Search code examples
apache-sparkpysparktransformer-model

Spark The Definitive Guide: Chapter 25 - Preprocessing and Feature Engineering


I do not understand when to use both 'fit' and 'transform' versus when to use 'transform' only.

The following transformers use both fit and transform:

  • Rformula
  • QuantileDiscretizer
  • StandardScaler
  • MinMaxScaler
  • MaxAbsScaler
  • StringIndexer
  • VectorIndexer
  • CountVectorizer
  • PCA
  • ChiSqSelector

The following transformers only use transform:

  • SQLTransformer
  • VectorAssembler
  • Bucketizer
  • ElementWiseProduct
  • Normalizer
  • IndexToString
  • OneHotEncoder
  • Tokenizer
  • RegexTokenizer
  • StopWordsRemover
  • NGram

I don't understand intuitively when to use both fit and transform versus when to use transform only.

Kindly explain. Thanks.


Solution

  • Ultimately, all of these components are there to 'transform' data, to index / scale / bucketize, etc. Some of them do not need to know anything about the data to do their work.

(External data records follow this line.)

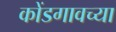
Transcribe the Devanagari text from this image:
कोंडगावच्या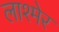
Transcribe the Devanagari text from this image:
लाश्मेर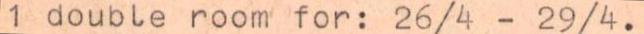
1 double room for: 26/4 - 29/4.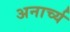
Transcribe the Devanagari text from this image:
अनार्च्य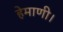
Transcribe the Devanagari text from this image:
हेमाणी।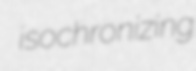
isochronizing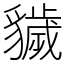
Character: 𧴖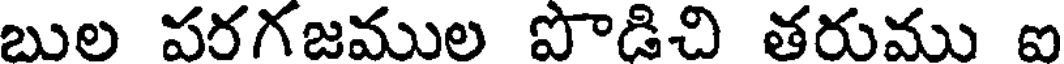
బుల పరగజముల పొడిచి తరుము ఐ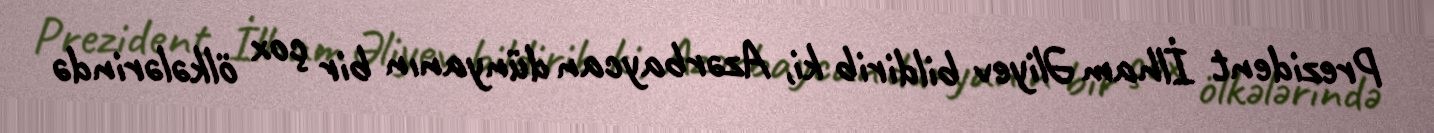
Prezident İlham Əliyev bildirib ki, Azərbaycan dünyanın bir çox ölkələrində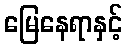
မြေနေရာနှင့်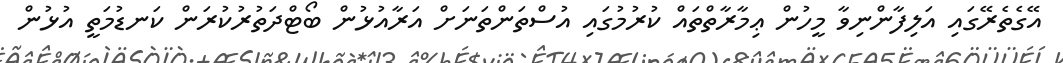
އޭގެތެރޭގައި އަލިފާންނިވާ މީހުން ޢިމާރާތްތައް ކުރުމުގައި އުސްތަންތަނަށް އަރާއުޅުން ބޯޓްދަތުރުކުރަން ކަނޑުމަތީ އުޅުން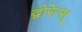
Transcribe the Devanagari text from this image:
द्वोरेत्स्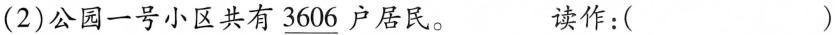
(2)公园一号小区共有\underline{3606}户居民。 读作：( )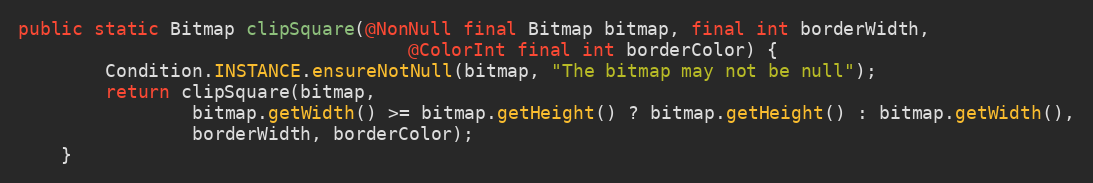
Language: Java
public static Bitmap clipSquare(@NonNull final Bitmap bitmap, final int borderWidth,
                                    @ColorInt final int borderColor) {
        Condition.INSTANCE.ensureNotNull(bitmap, "The bitmap may not be null");
        return clipSquare(bitmap,
                bitmap.getWidth() >= bitmap.getHeight() ? bitmap.getHeight() : bitmap.getWidth(),
                borderWidth, borderColor);
    }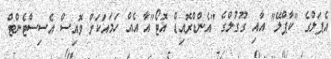
އެޕަލްގެ "ކާޕްލޭ" އާއި ގޫގުލްގެ "އެންޑްރޮއިޑް އޮޓޯ"އާ އެއް ހަމައަކަށް ވޮއިސް އެސިސްޓެންޓް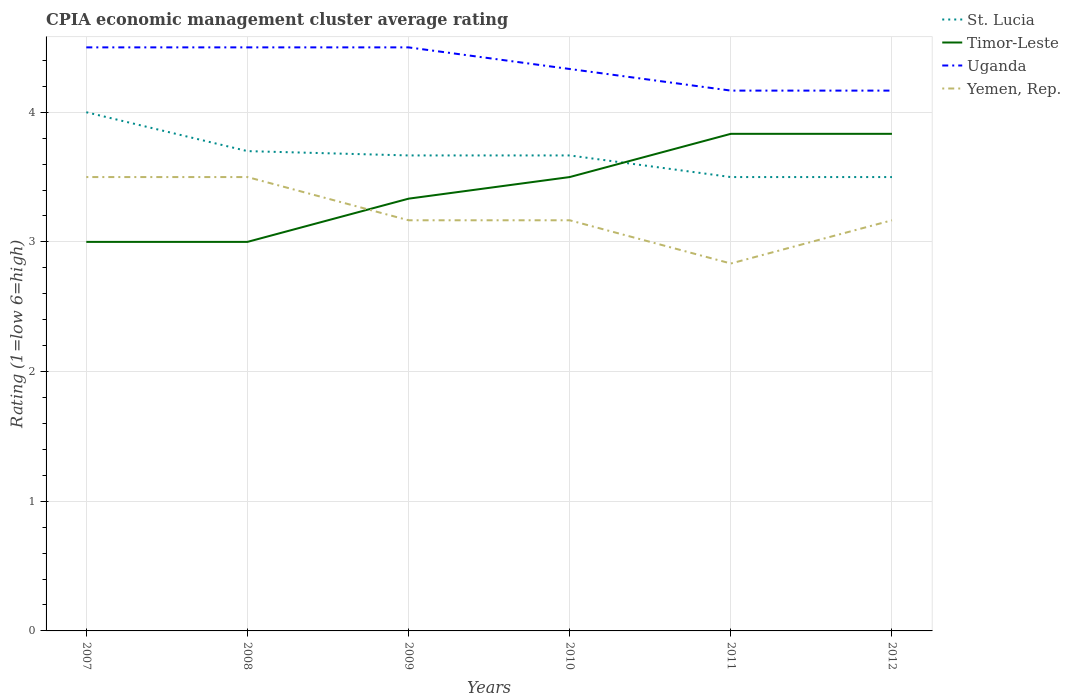
| Years | St. Lucia | Timor-Leste | Uganda | Yemen, Rep. |
 | --- | --- | --- | --- | --- |
 | 2007 | 4 | 3 | 4.5 | 3.5 |
 | 2008 | 3.7 | 3 | 4.5 | 3.5 |
 | 2009 | 3.67 | 3.33 | 4.5 | 3.17 |
 | 2010 | 3.67 | 3.5 | 4.33 | 3.17 |
 | 2011 | 3.5 | 3.83 | 4.17 | 2.83 |
 | 2012 | 3.5 | 3.83 | 4.17 | 3.17 |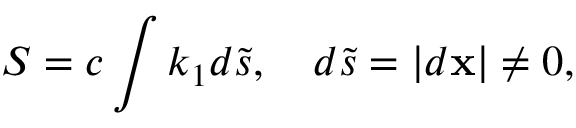
{ \cal S } = c \int k _ { 1 } d { \tilde { s } } , \quad d { \tilde { s } } = | { d { \bf x } } | \neq 0 ,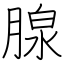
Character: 腺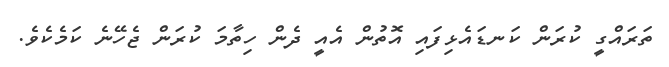
ތަރައްގީ ކުރަން ކަނޑައެޅިފައި އޮތުން އެއީ ދެން ހިތާމަ ކުރަން ޖެހޭނެ ކަމެކެވެ.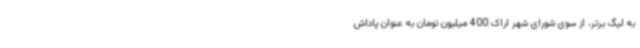
به لیگ برتر، از سوی شورای شهر اراک 400 میلیون تومان به عنوان پاداش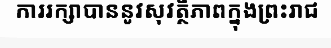
ការរក្សាបាននូវសុវត្ថិភាពក្នុងព្រះរាជ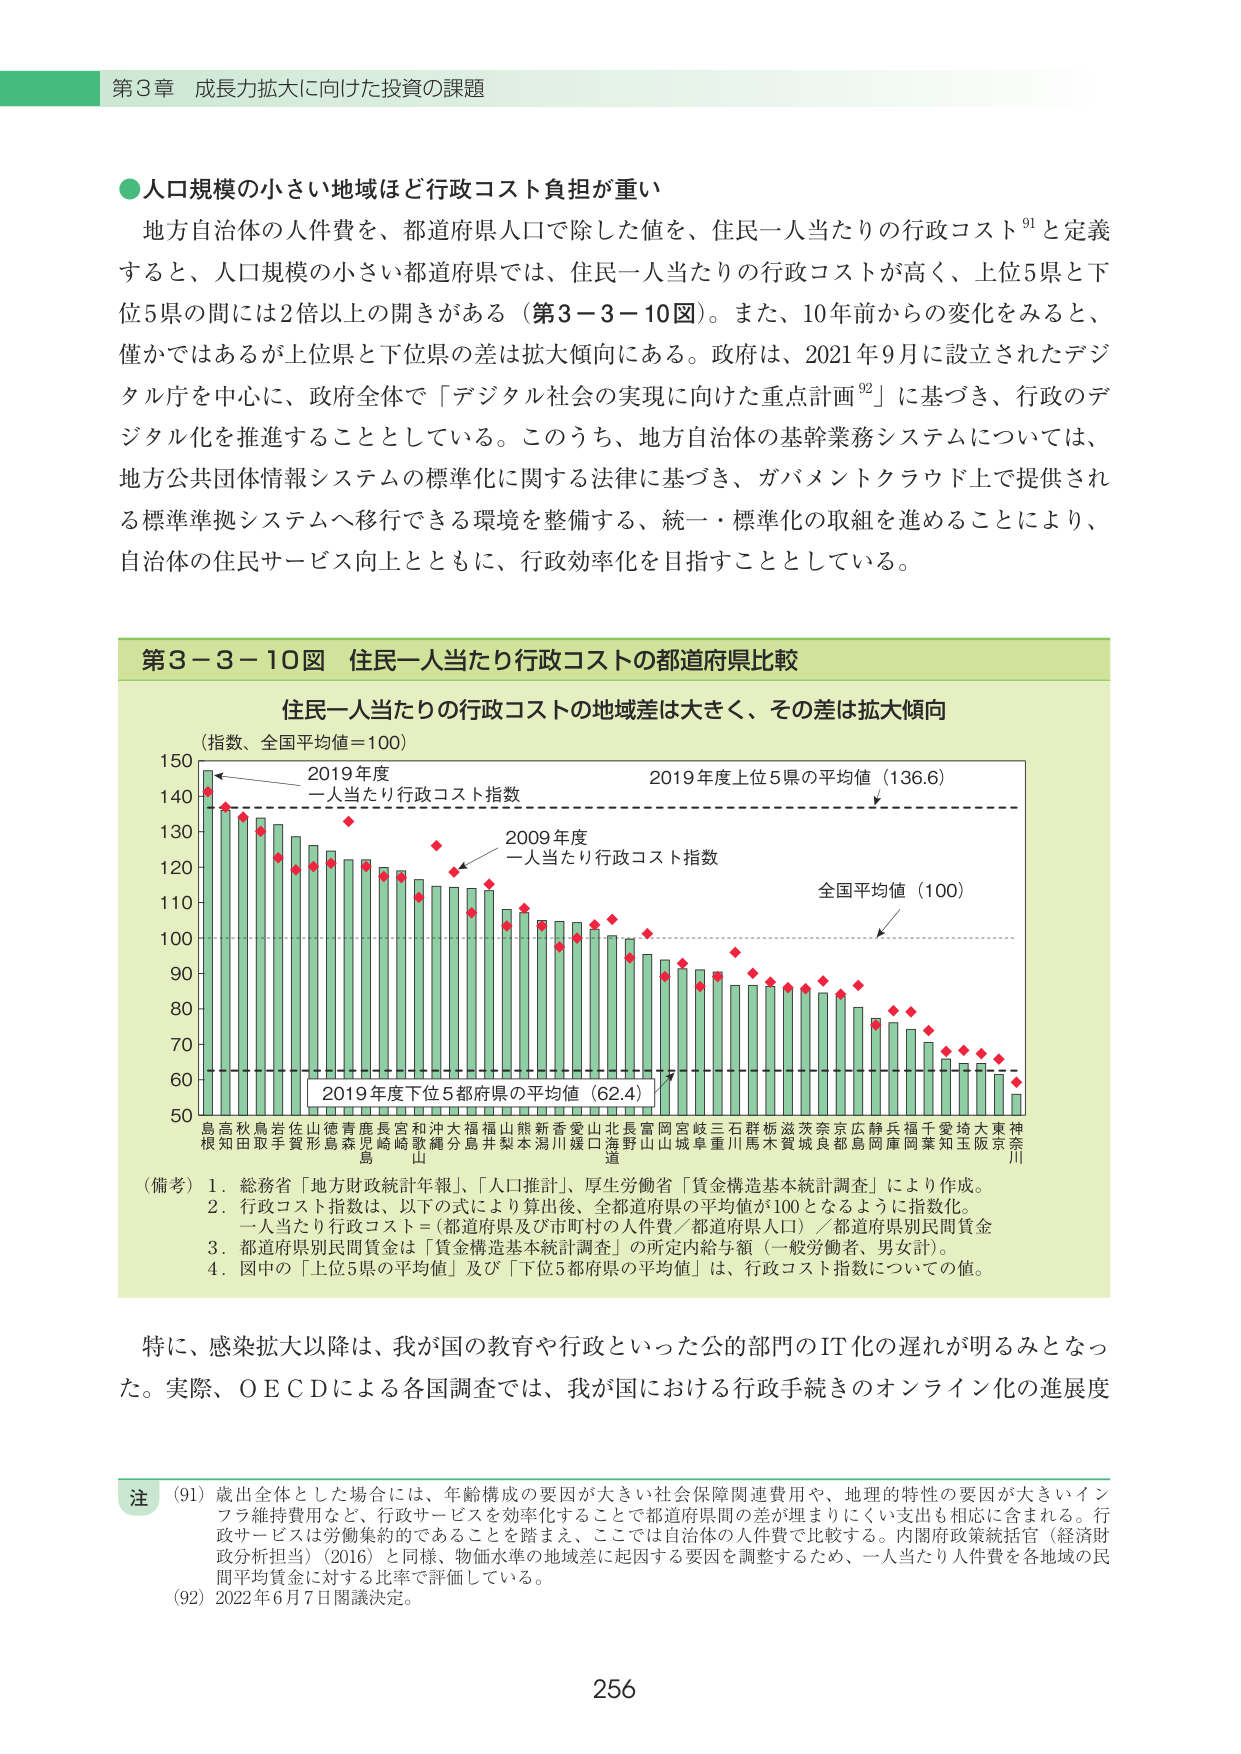
第3章 成長力拡大に向けた投資の課題

●人口規模の小さい地域ほど行政コスト負担が重い
地方自治体の人件費を、都道府県人口で除した値を、住民一人当たりの行政コスト⁹¹と定義すると、人口規模の小さい都道府県では、住民一人当たりの行政コストが高く、上位5県と下位5県の間には2倍以上の開きがある（第3－3－10図）。また、10年前からの変化をみると、僅かではあるが上位県と下位県の差は拡大傾向にある。政府は、2021年9月に設立されたデジタル庁を中心に、政府全体で「デジタル社会の実現に向けた重点計画⁹²」に基づき、行政のデジタル化を推進することとしている。このうち、地方自治体の基幹業務システムについては、地方公共団体情報システムの標準化に関する法律に基づき、ガバメントクラウド上で提供される標準準拠システムへ移行できる環境を整備する、統一・標準化の取組を進めることにより、自治体の住民サービス向上とともに、行政効率化を目指すこととしている。

第3－3－10図 住民一人当たり行政コストの都道府県比較
住民一人当たりの行政コストの地域差は大きく、その差は拡大傾向
（指数、全国平均値＝100）
2019年度
一人当たり行政コスト指数
2009年度
一人当たり行政コスト指数
全国平均値（100）
2019年度上位5県の平均値（136.6）
2019年度下位5都府県の平均値（62.4）
島根 高知 秋田 岩手 佐賀 山形 徳島 青森 鹿児島 長崎 宮崎 和歌山 沖縄 大分 福島 山梨 熊本 新潟 香川 愛媛 山口 海野 北海道 長野 富山 岡山 宮城 三重 石川 群馬 滋賀 茨城 奈良 京都 広島 静岡 兵庫 福井 愛知 埼玉 大阪 東京 神奈川
（備考）1．総務省「地方財政統計年報」、「人口推計」、厚生労働省「賃金構造基本統計調査」により作成。
2．行政コスト指数は、以下の式により算出後、全都道府県の平均値が100となるように指数化。
一人当たり行政コスト＝（都道府県及び市町村の人件費／都道府県人口）／都道府県別民間賃金
3．都道府県別民間賃金は「賃金構造基本統計調査」の所定内給与額（一般労働者、男女計）。
4．図中の「上位5県の平均値」及び「下位5都府県の平均値」は、行政コスト指数についての値。

特に、感染拡大以降は、我が国の教育や行政といった公的部門のIT化の遅れが明るみとなった。実際、ＯＥＣＤによる各国調査では、我が国における行政手続きのオンライン化の進展度

注
（91）歳出全体とした場合には、年齢構成の要因が大きい社会保障関連費用や、地理的特性の要因が大きいインフラ維持費用など、行政サービスを効率化することで都道府県間の差が埋まりにくい支出も相応に含まれる。行政サービスは労働集約的であることを踏まえ、ここでは自治体の人件費で比較する。内閣府政策統括官（経済財政分析担当）（2016）と同様、物価水準の地域差に起因する要因を調整するため、一人当たり人件費を各地域の民間平均賃金に対する比率で評価している。
（92）2022年6月7日閣議決定。

256

For example, StopWordsRemover just applies a list of stop words to remove, regardless of the data.

    Some components do need to understand the data they're operating on in order to transform it correctly. For example MinMaxScaler needs to know the min/max of the data to perform the scaling.

    So, all of these expose a transform() method, but only some need to be fit() on the data first.